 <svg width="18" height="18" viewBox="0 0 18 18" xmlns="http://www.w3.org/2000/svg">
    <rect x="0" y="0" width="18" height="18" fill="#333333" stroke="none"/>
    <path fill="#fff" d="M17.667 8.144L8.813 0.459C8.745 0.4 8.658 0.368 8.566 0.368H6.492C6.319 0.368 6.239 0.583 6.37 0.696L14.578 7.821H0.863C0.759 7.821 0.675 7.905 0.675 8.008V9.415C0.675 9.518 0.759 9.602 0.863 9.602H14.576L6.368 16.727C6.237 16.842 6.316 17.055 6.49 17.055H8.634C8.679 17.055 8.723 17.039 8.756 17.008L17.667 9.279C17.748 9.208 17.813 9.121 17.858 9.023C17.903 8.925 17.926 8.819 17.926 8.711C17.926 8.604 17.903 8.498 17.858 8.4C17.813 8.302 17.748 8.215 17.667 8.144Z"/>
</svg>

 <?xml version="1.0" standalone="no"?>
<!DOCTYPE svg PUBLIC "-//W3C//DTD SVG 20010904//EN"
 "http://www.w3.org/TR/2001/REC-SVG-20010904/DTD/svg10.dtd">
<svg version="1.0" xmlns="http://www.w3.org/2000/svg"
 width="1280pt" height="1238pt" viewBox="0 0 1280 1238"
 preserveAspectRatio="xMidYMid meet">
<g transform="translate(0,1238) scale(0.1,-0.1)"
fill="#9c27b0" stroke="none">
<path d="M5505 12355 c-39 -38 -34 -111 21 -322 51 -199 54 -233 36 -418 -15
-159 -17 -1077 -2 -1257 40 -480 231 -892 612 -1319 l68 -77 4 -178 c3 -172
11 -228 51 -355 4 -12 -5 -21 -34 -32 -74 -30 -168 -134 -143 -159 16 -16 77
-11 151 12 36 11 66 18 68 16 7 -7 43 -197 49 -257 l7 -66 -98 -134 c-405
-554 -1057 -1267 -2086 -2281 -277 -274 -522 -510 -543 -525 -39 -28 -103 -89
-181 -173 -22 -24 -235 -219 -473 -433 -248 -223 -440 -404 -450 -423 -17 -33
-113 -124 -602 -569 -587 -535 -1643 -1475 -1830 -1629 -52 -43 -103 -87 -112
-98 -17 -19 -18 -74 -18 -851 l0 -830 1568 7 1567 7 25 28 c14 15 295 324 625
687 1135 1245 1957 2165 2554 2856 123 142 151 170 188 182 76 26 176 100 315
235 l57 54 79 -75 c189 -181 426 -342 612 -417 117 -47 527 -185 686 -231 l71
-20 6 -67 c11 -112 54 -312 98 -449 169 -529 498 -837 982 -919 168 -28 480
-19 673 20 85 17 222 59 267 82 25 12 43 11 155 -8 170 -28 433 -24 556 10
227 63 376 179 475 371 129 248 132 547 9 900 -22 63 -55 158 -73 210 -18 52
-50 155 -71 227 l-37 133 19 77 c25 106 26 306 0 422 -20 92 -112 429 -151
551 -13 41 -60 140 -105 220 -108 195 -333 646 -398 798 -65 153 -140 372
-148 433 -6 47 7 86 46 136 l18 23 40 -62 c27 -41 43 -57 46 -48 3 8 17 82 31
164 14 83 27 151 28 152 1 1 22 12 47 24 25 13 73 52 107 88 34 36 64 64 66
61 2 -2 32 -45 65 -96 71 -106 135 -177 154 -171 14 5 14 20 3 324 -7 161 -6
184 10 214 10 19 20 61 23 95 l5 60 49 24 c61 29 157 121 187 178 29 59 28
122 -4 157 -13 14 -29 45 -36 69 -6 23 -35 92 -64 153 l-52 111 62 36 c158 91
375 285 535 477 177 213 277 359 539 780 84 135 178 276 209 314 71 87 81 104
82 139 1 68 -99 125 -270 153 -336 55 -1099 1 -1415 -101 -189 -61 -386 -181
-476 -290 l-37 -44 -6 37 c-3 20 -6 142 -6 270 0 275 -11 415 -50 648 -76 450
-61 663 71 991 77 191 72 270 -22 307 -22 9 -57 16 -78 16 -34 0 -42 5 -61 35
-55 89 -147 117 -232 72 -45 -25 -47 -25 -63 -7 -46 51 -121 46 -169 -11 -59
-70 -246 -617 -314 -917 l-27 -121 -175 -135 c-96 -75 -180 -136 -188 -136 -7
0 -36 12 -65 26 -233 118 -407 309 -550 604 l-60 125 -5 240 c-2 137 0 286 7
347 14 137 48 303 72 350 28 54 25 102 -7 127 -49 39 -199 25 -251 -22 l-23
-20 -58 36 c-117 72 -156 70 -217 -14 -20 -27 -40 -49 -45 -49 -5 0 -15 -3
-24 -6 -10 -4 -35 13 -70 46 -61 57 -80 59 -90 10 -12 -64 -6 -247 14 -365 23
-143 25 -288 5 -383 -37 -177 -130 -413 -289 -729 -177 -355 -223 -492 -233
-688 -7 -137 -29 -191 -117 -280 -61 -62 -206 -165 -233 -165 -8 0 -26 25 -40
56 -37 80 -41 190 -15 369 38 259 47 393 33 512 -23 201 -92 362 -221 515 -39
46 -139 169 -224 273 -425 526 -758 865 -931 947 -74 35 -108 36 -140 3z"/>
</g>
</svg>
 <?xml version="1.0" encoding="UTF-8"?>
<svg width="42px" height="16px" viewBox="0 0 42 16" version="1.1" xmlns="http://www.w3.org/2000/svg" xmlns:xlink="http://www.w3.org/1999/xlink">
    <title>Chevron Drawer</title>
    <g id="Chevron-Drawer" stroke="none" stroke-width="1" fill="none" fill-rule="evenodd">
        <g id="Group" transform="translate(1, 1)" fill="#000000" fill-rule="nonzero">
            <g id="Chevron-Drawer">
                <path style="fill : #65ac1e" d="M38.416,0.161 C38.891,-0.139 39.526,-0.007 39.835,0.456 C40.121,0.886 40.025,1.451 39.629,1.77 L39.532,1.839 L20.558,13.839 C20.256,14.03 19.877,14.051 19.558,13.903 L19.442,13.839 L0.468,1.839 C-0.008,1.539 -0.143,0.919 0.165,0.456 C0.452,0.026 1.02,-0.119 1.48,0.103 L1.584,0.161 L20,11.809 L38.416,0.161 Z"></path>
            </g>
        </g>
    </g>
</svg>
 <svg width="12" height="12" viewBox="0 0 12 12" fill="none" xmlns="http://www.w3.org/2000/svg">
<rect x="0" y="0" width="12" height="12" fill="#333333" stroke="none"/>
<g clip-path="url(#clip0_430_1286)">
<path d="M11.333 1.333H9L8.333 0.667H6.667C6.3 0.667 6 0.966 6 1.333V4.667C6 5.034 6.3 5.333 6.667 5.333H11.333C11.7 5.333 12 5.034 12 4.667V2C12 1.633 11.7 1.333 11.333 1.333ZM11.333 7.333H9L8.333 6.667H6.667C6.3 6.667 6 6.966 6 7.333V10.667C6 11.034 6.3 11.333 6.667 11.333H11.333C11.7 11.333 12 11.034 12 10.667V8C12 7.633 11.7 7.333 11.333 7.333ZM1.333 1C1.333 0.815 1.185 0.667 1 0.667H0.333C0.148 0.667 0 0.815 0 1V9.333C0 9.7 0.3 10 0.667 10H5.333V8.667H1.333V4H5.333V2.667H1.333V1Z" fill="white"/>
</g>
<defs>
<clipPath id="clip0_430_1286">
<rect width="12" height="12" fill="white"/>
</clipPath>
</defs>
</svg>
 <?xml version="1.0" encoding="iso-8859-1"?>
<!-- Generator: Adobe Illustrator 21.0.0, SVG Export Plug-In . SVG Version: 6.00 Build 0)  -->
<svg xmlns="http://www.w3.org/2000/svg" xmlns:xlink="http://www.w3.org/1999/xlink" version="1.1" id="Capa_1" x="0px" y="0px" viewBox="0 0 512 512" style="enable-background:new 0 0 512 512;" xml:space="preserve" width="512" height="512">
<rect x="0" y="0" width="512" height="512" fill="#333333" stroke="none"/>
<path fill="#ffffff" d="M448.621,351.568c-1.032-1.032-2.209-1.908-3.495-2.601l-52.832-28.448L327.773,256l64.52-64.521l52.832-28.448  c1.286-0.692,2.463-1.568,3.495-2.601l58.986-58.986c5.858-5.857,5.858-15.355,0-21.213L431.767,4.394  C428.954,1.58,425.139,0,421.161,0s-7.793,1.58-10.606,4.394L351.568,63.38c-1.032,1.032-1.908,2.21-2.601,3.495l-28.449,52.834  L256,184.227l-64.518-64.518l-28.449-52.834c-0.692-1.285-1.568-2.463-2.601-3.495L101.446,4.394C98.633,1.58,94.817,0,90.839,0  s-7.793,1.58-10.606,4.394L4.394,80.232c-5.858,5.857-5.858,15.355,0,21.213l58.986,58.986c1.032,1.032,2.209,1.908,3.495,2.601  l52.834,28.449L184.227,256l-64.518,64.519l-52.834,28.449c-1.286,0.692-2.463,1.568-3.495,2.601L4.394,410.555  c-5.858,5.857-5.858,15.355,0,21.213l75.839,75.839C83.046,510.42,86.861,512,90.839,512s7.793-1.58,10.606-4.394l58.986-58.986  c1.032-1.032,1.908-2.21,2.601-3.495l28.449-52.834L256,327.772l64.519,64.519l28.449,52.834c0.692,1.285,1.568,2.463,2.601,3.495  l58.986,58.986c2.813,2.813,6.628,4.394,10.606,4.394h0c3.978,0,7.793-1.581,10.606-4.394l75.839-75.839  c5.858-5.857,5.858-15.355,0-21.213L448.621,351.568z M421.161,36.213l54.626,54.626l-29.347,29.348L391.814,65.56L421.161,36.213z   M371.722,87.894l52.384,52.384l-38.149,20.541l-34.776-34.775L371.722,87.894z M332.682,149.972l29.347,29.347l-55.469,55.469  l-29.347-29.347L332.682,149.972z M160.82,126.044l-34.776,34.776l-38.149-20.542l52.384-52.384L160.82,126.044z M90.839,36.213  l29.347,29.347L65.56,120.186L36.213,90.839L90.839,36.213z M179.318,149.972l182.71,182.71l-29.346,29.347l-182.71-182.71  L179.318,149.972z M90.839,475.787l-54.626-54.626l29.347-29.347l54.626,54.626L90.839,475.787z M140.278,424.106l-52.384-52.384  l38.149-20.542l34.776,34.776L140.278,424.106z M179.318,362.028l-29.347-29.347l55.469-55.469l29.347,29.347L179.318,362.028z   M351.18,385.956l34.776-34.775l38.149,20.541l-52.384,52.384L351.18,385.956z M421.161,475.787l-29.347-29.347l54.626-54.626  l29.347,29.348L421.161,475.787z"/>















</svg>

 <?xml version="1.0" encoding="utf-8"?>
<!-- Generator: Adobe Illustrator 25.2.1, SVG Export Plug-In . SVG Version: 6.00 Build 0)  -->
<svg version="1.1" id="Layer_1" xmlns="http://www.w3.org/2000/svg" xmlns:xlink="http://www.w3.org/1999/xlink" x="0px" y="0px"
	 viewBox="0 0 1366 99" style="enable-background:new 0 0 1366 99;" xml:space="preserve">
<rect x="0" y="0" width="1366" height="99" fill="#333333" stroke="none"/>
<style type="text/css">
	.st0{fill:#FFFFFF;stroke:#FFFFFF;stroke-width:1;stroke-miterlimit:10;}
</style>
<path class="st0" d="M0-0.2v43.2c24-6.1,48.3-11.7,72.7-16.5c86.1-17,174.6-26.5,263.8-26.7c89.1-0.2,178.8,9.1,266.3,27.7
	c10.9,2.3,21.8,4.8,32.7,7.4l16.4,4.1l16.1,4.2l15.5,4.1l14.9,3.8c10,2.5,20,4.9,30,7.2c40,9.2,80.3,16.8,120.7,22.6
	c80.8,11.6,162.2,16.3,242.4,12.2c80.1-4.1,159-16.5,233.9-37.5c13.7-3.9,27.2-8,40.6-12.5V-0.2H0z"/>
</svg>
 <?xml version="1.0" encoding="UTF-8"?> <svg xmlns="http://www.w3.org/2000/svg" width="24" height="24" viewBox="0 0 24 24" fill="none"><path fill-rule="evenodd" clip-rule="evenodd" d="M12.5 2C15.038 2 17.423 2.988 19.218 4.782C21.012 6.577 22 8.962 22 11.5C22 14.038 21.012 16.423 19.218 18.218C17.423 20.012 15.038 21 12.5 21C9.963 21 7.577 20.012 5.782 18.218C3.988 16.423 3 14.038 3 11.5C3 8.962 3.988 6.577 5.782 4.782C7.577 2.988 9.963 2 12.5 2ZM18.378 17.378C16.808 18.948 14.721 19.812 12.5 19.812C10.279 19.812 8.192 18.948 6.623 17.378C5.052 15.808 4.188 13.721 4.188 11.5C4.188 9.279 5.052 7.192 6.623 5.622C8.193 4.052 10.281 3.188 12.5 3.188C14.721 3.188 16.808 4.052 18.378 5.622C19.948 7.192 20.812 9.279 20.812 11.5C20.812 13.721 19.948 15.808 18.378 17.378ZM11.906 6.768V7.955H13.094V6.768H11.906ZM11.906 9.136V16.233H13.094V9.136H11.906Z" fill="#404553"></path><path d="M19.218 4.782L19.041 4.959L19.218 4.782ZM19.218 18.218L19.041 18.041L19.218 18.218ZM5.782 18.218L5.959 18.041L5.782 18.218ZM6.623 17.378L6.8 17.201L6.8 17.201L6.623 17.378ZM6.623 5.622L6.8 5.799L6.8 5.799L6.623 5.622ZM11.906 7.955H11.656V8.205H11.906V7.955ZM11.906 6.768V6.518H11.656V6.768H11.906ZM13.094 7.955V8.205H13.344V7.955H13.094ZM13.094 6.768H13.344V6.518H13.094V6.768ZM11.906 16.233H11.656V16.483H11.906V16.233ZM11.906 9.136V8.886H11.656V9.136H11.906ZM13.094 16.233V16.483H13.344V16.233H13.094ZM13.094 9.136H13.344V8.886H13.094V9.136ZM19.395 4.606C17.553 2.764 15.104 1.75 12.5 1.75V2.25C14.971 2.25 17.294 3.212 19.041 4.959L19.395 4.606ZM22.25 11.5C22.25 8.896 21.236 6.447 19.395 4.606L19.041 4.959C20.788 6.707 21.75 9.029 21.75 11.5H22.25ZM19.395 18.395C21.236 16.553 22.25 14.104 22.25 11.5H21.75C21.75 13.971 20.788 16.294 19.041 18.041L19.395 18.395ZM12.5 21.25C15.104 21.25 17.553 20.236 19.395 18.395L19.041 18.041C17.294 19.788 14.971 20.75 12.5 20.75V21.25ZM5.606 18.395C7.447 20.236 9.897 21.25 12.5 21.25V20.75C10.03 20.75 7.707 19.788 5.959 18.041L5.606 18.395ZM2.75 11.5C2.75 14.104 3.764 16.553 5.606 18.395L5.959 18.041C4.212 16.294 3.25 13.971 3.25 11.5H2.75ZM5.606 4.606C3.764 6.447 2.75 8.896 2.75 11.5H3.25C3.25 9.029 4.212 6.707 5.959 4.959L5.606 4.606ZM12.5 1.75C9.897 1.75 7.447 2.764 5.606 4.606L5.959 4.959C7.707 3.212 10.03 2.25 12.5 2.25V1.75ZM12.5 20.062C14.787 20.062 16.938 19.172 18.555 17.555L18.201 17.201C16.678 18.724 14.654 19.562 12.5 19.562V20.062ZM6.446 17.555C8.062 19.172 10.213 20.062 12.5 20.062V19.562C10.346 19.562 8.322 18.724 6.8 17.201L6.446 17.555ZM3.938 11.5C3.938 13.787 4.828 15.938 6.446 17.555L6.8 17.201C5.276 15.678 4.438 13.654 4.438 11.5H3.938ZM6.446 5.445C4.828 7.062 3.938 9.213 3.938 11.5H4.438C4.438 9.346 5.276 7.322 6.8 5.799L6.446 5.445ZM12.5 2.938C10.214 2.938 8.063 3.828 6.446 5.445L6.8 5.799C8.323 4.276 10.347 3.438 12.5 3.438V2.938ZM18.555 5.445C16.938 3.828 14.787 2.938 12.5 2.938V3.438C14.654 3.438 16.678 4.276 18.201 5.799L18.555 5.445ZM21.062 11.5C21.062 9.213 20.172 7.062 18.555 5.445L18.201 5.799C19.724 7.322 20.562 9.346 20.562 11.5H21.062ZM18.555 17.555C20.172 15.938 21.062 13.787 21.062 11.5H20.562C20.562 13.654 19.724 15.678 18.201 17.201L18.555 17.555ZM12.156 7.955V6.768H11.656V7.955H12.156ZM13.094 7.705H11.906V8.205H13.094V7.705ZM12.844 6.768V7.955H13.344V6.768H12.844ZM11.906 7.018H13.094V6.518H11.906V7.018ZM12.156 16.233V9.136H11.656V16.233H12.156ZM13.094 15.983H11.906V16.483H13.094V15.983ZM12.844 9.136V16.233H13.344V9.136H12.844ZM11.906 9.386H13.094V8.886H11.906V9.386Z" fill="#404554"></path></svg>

■ TO DO
In the entries above, some lines hold the string "stroke". Copy each of them.

■ TASK OUTPUT
    <rect x="0" y="0" width="18" height="18" fill="#333333" stroke="none"/>
fill="#9c27b0" stroke="none">
    <g id="Chevron-Drawer" stroke="none" stroke-width="1" fill="none" fill-rule="evenodd">
<rect x="0" y="0" width="12" height="12" fill="#333333" stroke="none"/>
<rect x="0" y="0" width="512" height="512" fill="#333333" stroke="none"/>
<rect x="0" y="0" width="1366" height="99" fill="#333333" stroke="none"/>
	.st0{fill:#FFFFFF;stroke:#FFFFFF;stroke-width:1;stroke-miterlimit:10;}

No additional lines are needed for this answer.